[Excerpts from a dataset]
>>>>

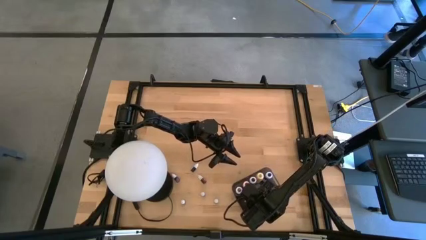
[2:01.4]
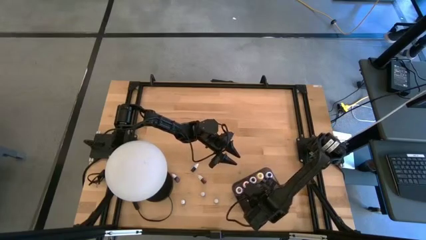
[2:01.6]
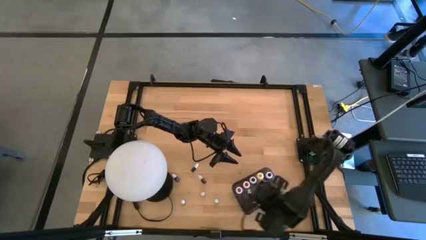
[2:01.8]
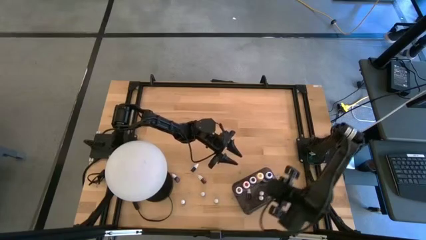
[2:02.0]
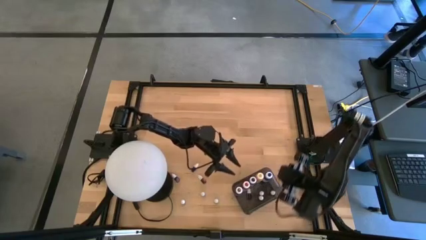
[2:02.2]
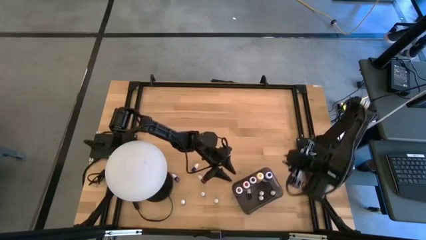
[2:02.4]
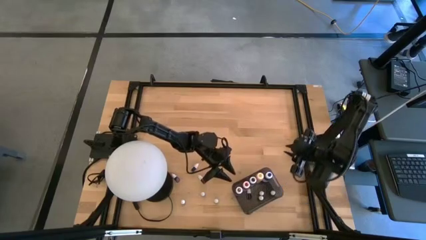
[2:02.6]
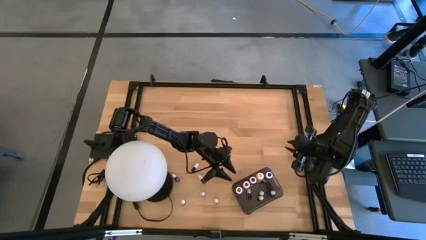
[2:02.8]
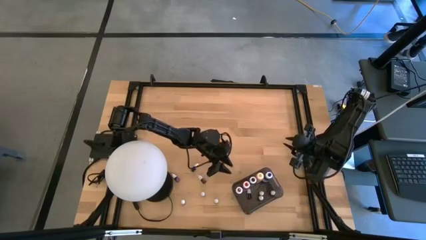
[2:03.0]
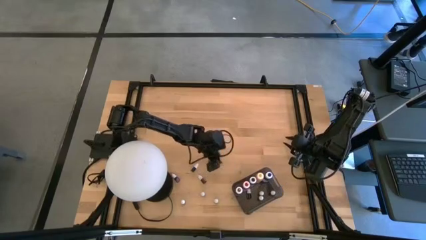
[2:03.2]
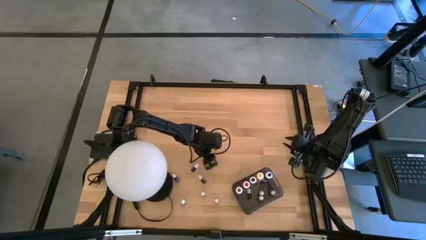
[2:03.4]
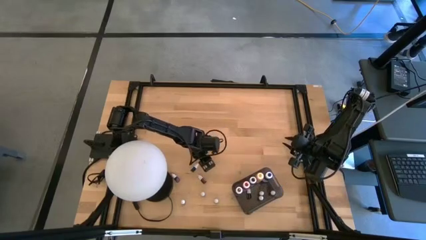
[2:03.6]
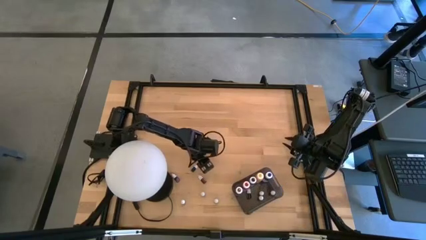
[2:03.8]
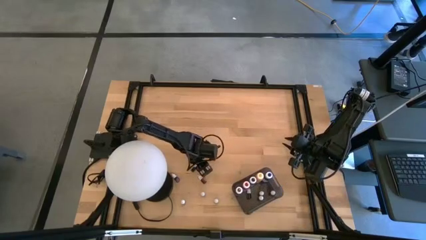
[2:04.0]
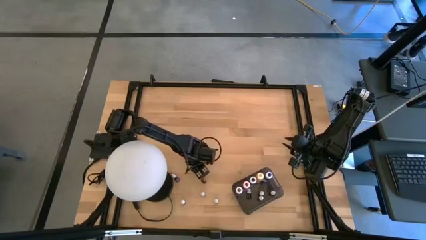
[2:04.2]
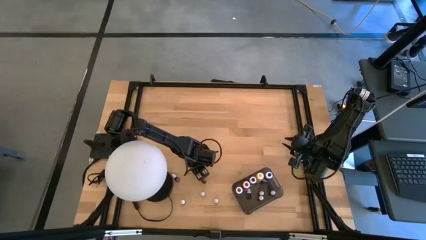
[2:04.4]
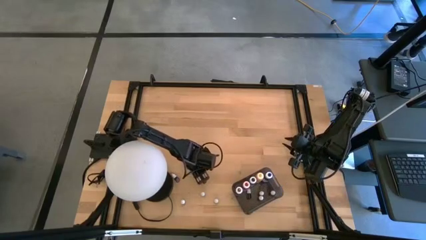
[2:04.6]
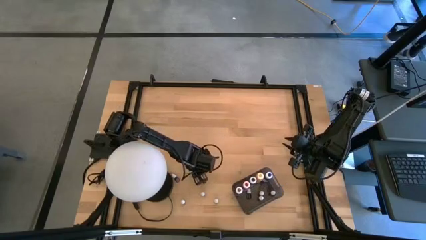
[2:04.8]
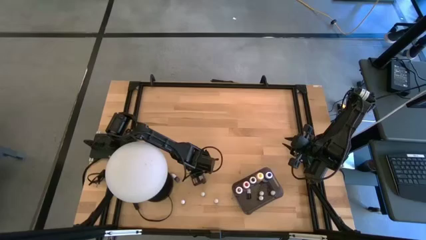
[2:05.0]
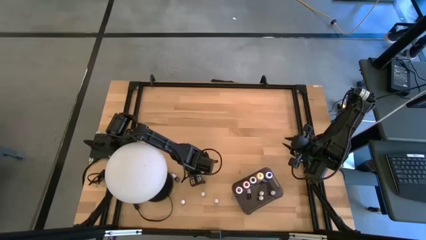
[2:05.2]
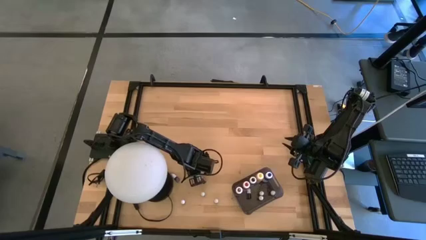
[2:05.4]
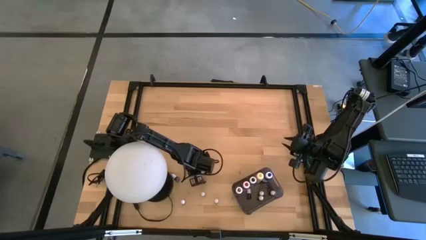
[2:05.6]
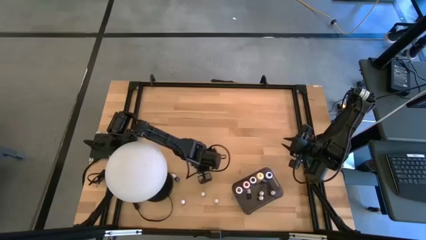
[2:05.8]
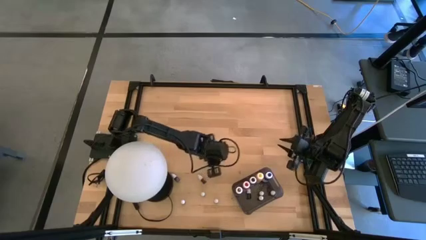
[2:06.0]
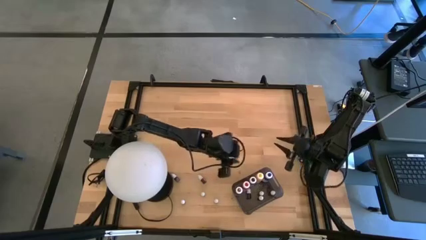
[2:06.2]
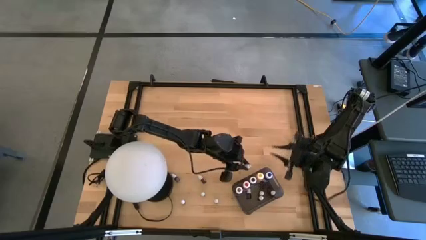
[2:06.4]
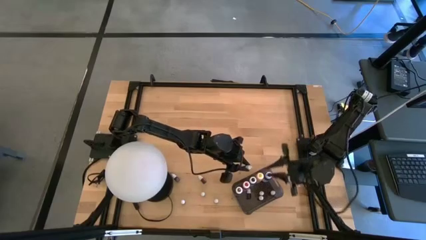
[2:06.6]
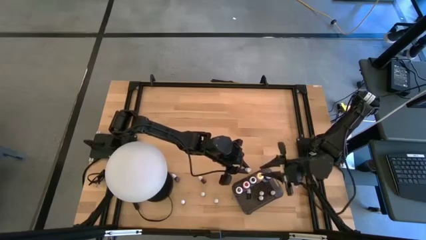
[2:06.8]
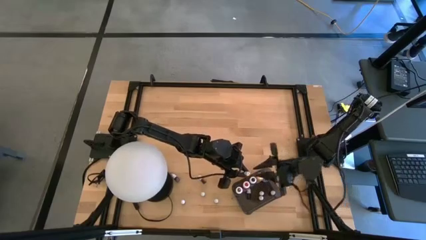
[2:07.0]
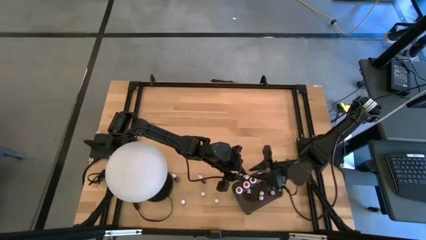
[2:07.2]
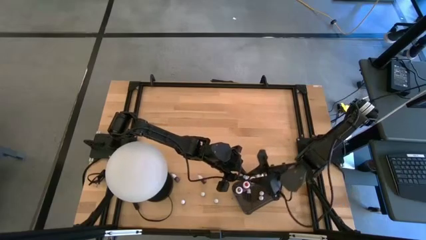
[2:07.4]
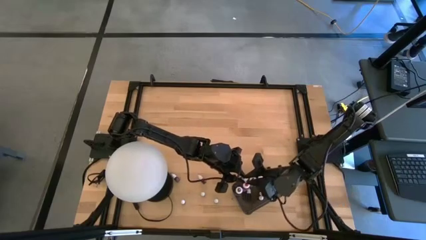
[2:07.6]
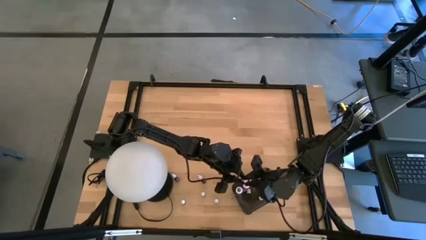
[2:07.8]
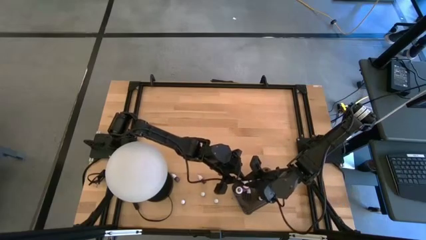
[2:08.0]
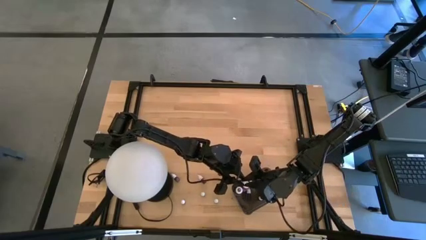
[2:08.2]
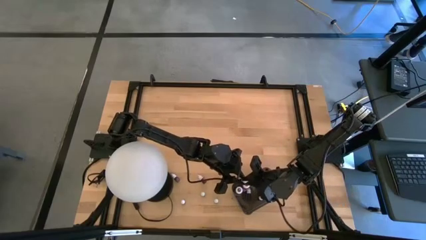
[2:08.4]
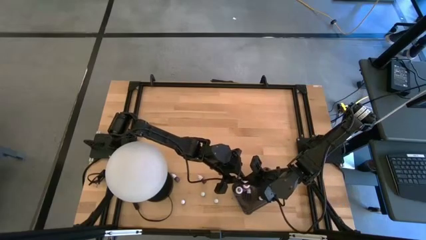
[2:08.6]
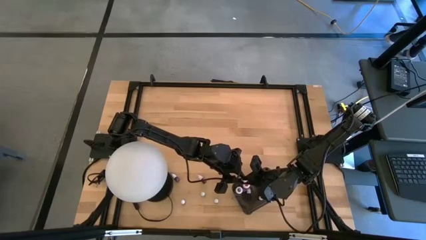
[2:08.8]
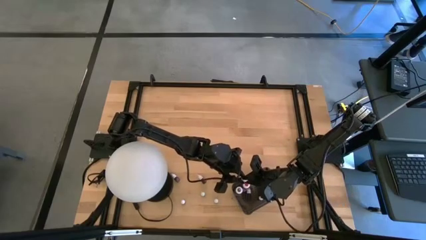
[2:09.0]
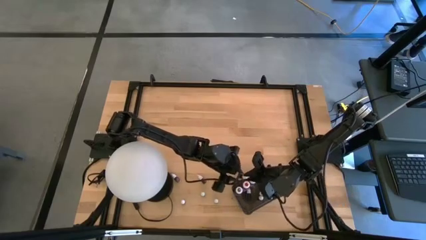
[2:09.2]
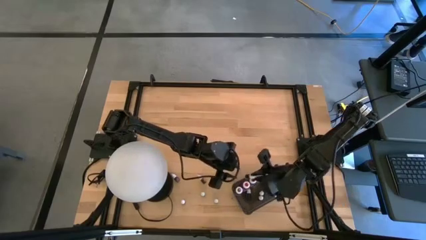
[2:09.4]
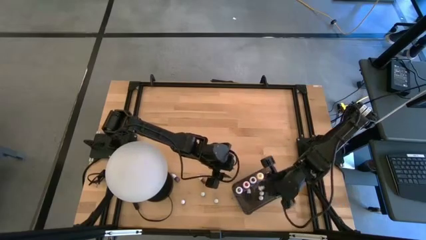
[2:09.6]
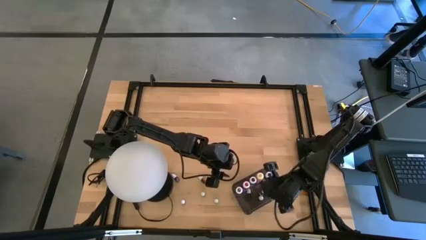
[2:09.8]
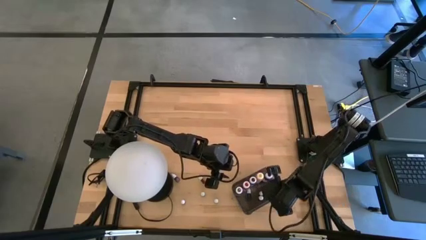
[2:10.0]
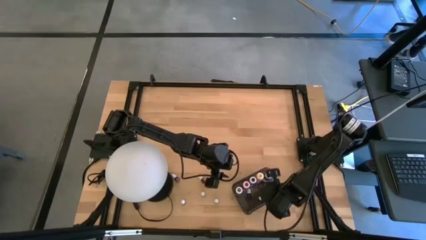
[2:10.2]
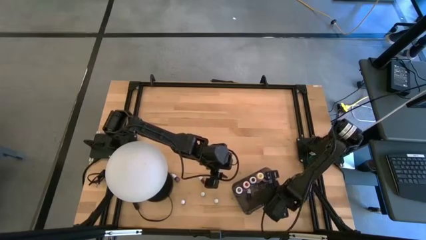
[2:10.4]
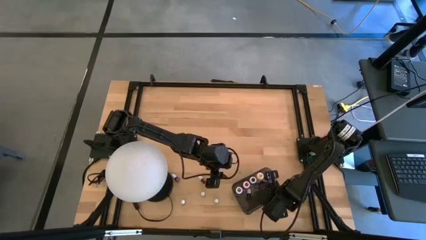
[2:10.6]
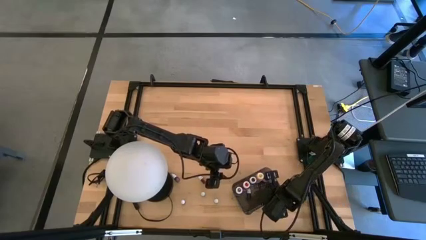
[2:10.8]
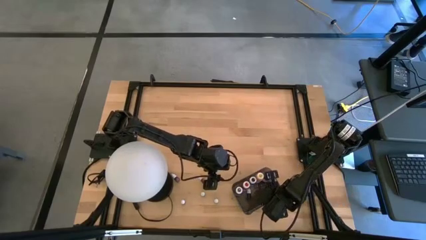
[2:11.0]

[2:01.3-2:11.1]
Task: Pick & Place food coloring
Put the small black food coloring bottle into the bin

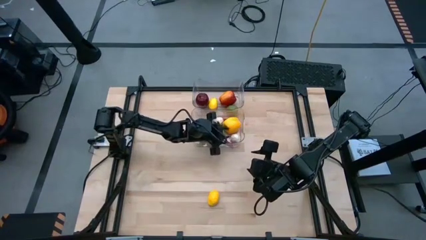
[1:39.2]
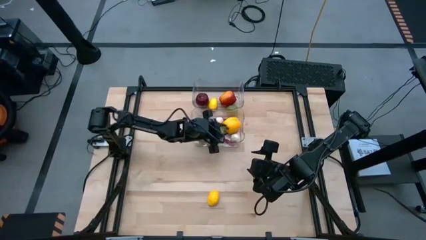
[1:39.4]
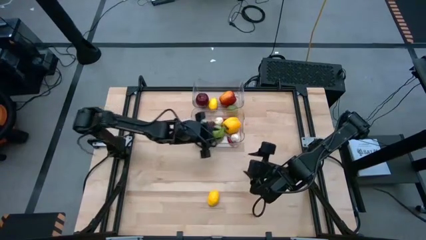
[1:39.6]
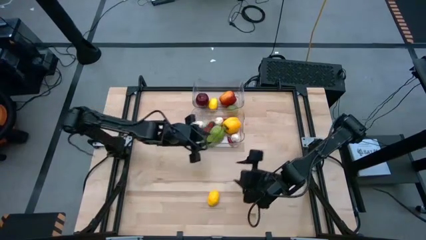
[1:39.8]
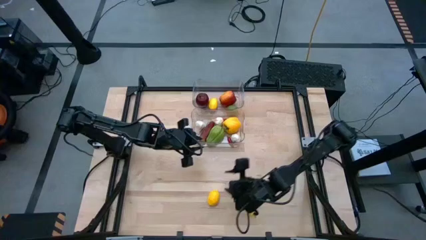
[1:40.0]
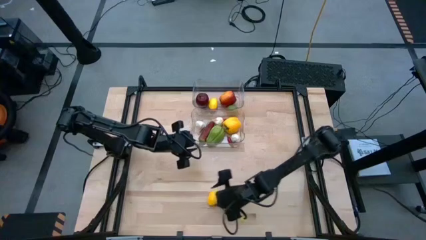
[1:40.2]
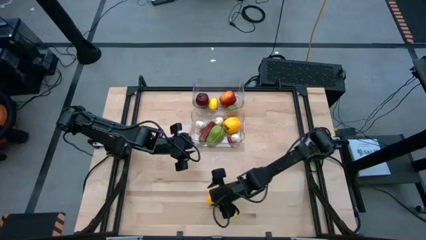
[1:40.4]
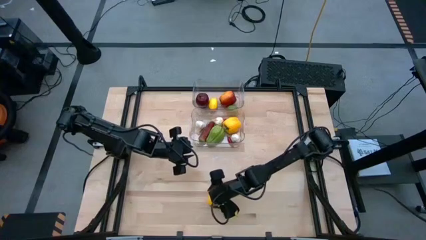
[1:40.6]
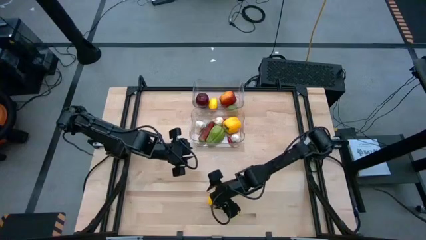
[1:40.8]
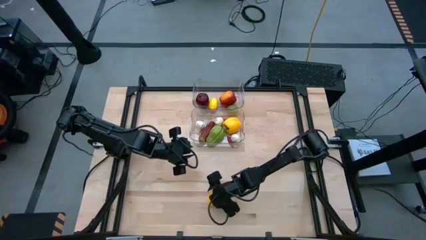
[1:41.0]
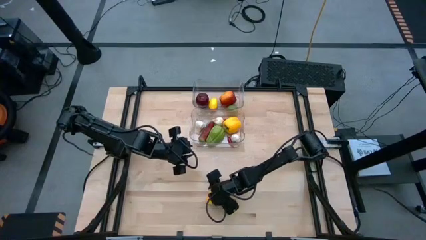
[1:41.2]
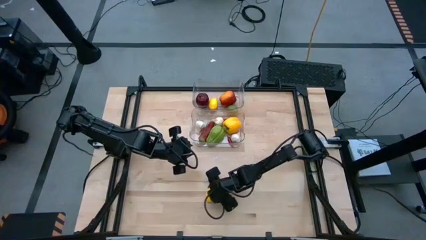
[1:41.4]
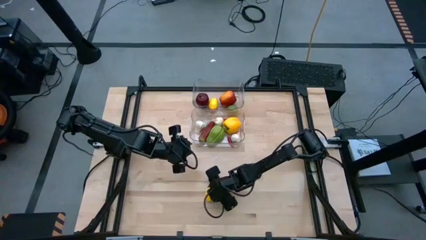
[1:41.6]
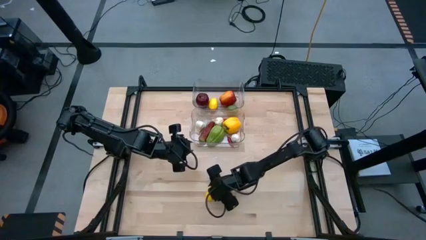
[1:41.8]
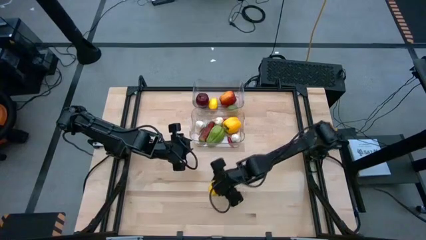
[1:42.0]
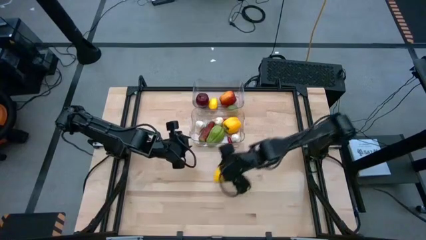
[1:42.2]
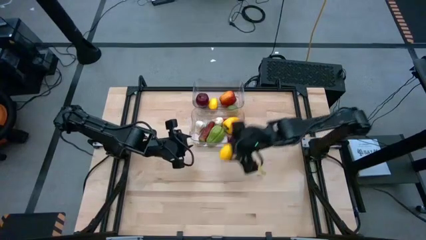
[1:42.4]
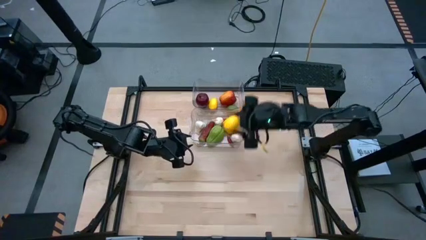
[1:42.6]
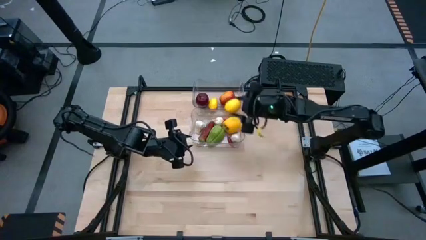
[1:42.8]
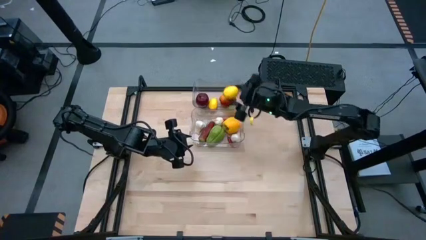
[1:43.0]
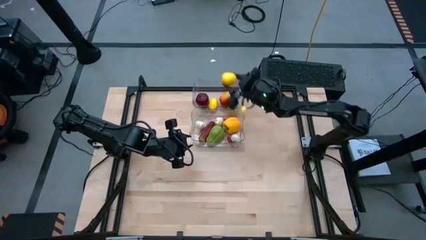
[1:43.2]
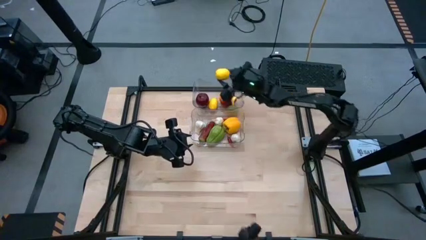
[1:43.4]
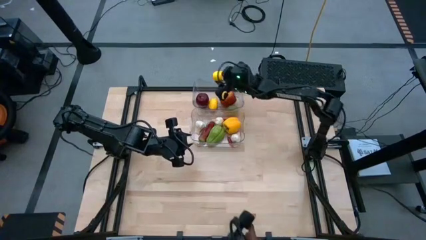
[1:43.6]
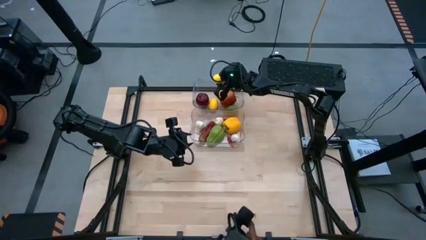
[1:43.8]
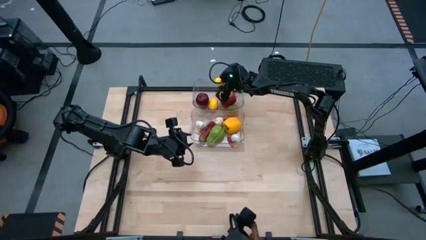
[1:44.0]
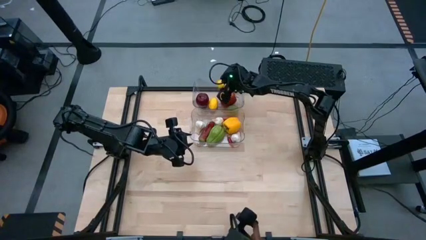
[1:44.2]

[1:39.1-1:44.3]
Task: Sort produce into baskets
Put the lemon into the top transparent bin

<<<<

• [Task]: When restating the records word for word, omit any picture they contain.

• [Output]:
[2:01.4]
[2:01.6]
[2:01.8]
[2:02.0]
[2:02.2]
[2:02.4]
[2:02.6]
[2:02.8]
[2:03.0]
[2:03.2]
[2:03.4]
[2:03.6]
[2:03.8]
[2:04.0]
[2:04.2]
[2:04.4]
[2:04.6]
[2:04.8]
[2:05.0]
[2:05.2]
[2:05.4]
[2:05.6]
[2:05.8]
[2:06.0]
[2:06.2]
[2:06.4]
[2:06.6]
[2:06.8]
[2:07.0]
[2:07.2]
[2:07.4]
[2:07.6]
[2:07.8]
[2:08.0]
[2:08.2]
[2:08.4]
[2:08.6]
[2:08.8]
[2:09.0]
[2:09.2]
[2:09.4]
[2:09.6]
[2:09.8]
[2:10.0]
[2:10.2]
[2:10.4]
[2:10.6]
[2:10.8]
[2:11.0]

[2:01.3-2:11.1]
Task: Pick & Place food coloring
Put the small black food coloring bottle into the bin

[1:39.2]
[1:39.4]
[1:39.6]
[1:39.8]
[1:40.0]
[1:40.2]
[1:40.4]
[1:40.6]
[1:40.8]
[1:41.0]
[1:41.2]
[1:41.4]
[1:41.6]
[1:41.8]
[1:42.0]
[1:42.2]
[1:42.4]
[1:42.6]
[1:42.8]
[1:43.0]
[1:43.2]
[1:43.4]
[1:43.6]
[1:43.8]
[1:44.0]
[1:44.2]

[1:39.1-1:44.3]
Task: Sort produce into baskets
Put the lemon into the top transparent bin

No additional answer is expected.